[Data excerpts]

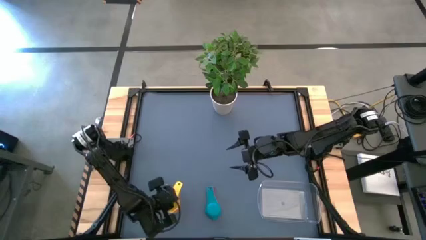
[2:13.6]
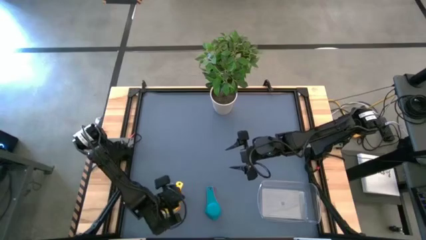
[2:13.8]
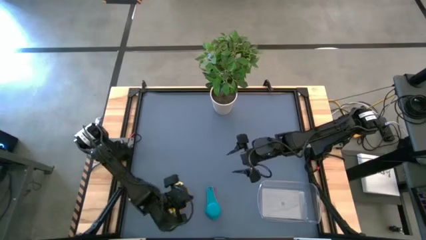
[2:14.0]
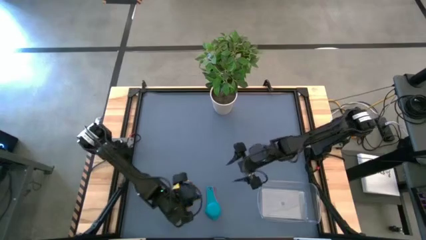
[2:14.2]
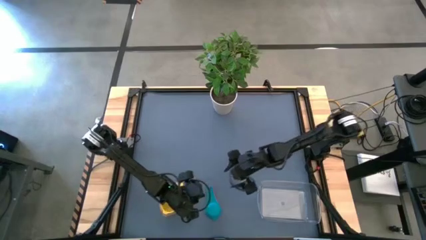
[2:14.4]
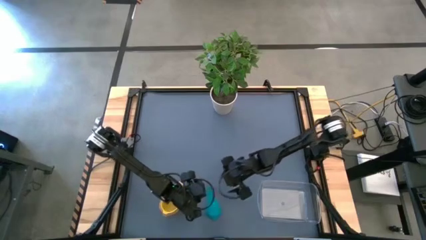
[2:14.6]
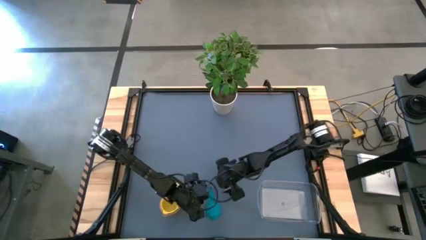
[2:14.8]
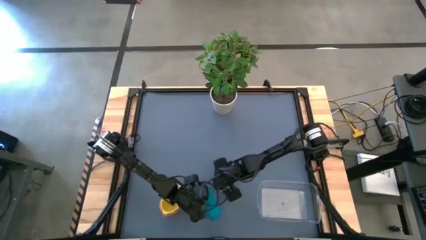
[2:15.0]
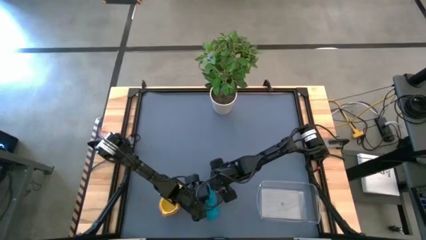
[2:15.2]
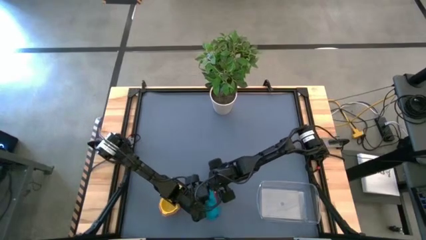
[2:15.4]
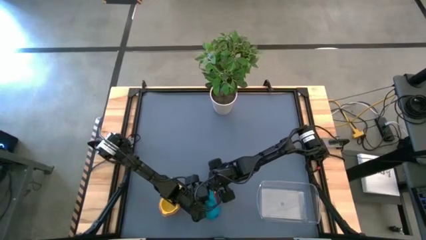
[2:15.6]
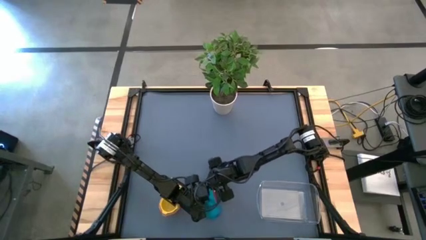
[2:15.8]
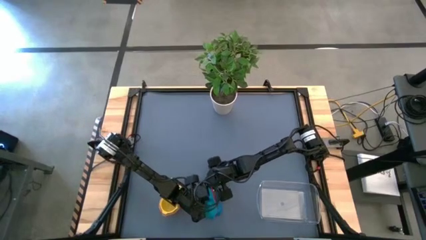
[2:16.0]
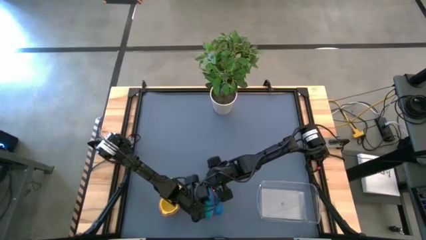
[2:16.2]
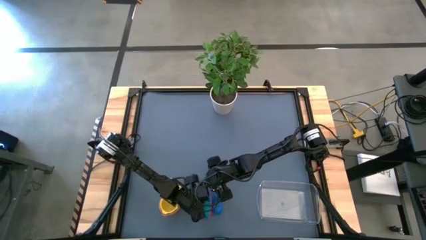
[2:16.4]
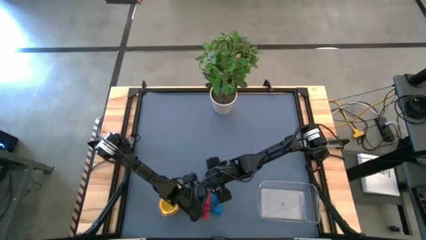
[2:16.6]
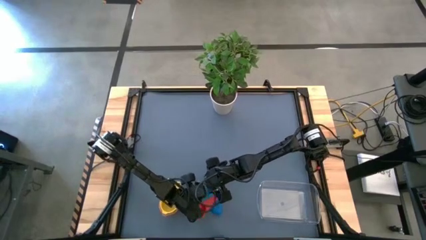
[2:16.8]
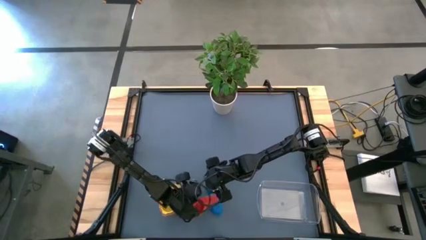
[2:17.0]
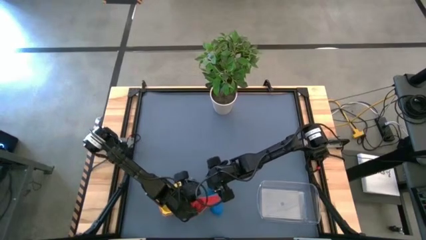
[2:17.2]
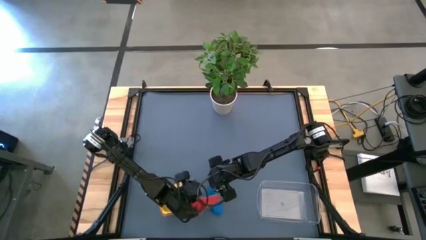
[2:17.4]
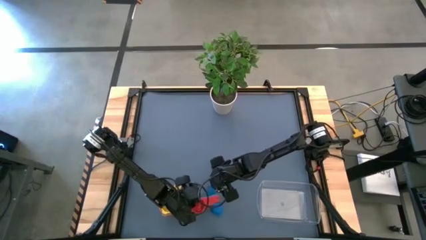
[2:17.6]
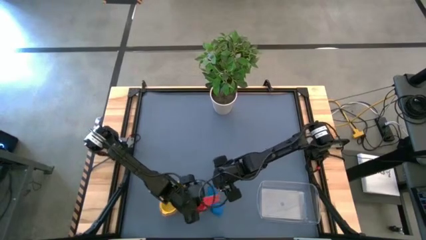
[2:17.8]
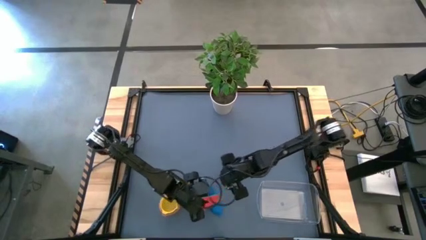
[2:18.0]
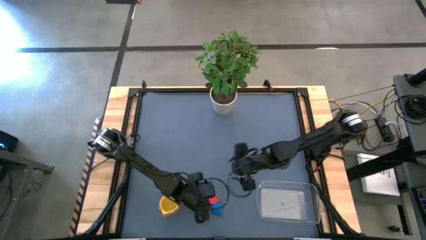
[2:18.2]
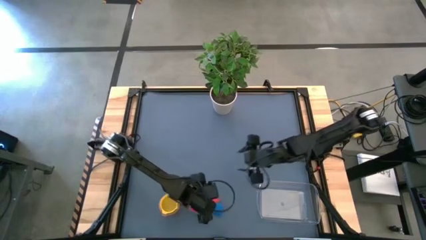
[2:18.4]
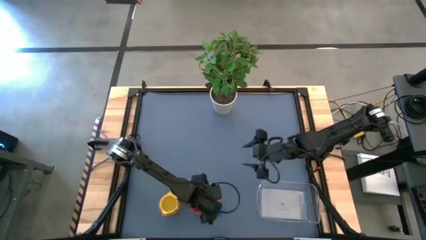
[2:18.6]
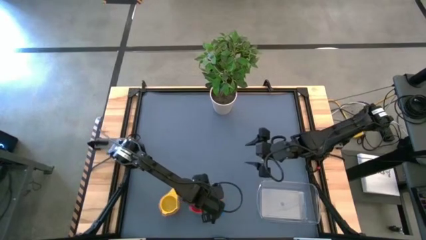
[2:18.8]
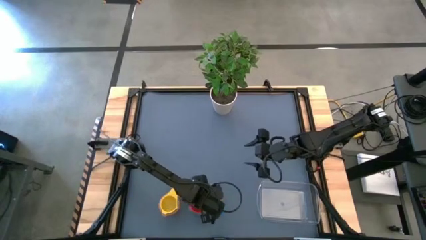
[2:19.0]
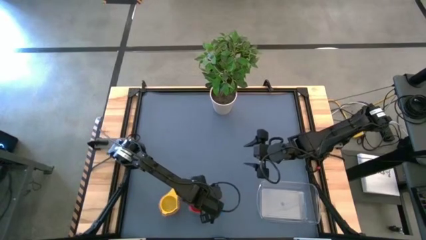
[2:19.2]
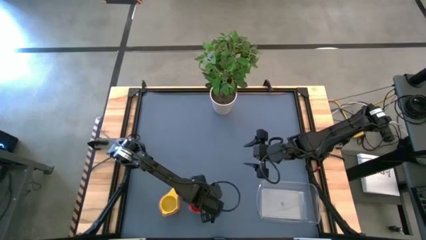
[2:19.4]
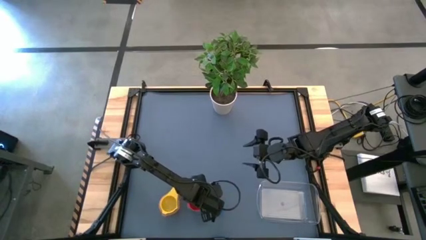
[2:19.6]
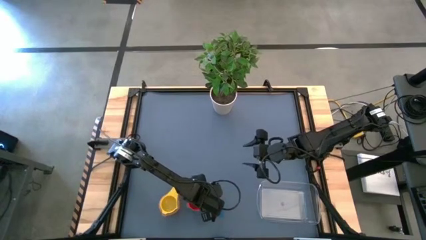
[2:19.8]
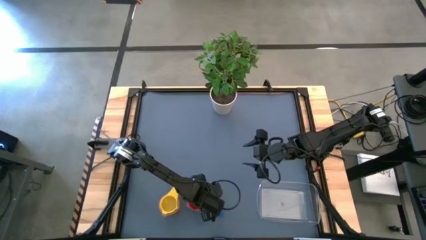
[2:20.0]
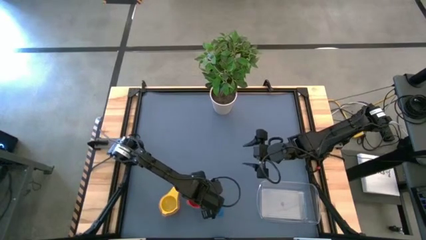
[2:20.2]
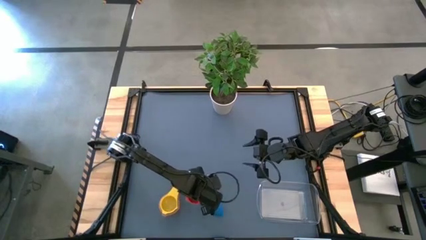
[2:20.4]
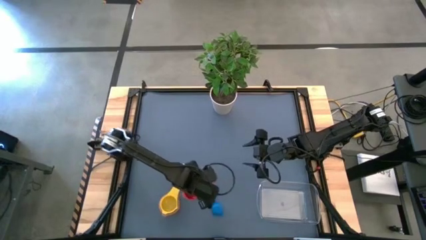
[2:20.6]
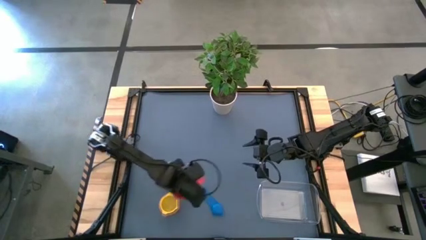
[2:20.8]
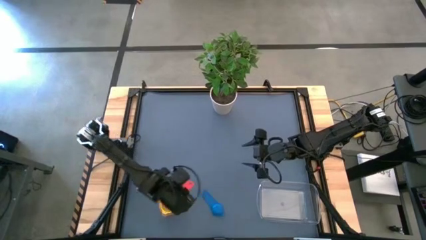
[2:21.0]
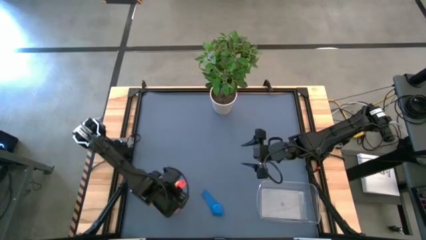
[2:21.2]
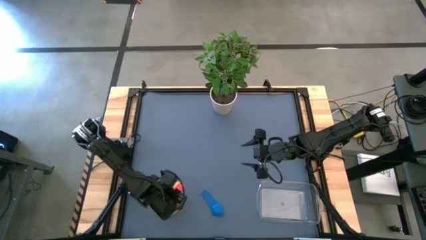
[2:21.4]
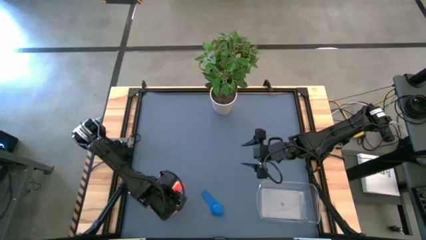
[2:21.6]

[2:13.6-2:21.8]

Task requirements ▸ Produce the entries again, word for word, without any of their pictures.

Output for this task ▸
[2:13.6]
[2:13.8]
[2:14.0]
[2:14.2]
[2:14.4]
[2:14.6]
[2:14.8]
[2:15.0]
[2:15.2]
[2:15.4]
[2:15.6]
[2:15.8]
[2:16.0]
[2:16.2]
[2:16.4]
[2:16.6]
[2:16.8]
[2:17.0]
[2:17.2]
[2:17.4]
[2:17.6]
[2:17.8]
[2:18.0]
[2:18.2]
[2:18.4]
[2:18.6]
[2:18.8]
[2:19.0]
[2:19.2]
[2:19.4]
[2:19.6]
[2:19.8]
[2:20.0]
[2:20.2]
[2:20.4]
[2:20.6]
[2:20.8]
[2:21.0]
[2:21.2]
[2:21.4]
[2:21.6]

[2:13.6-2:21.8]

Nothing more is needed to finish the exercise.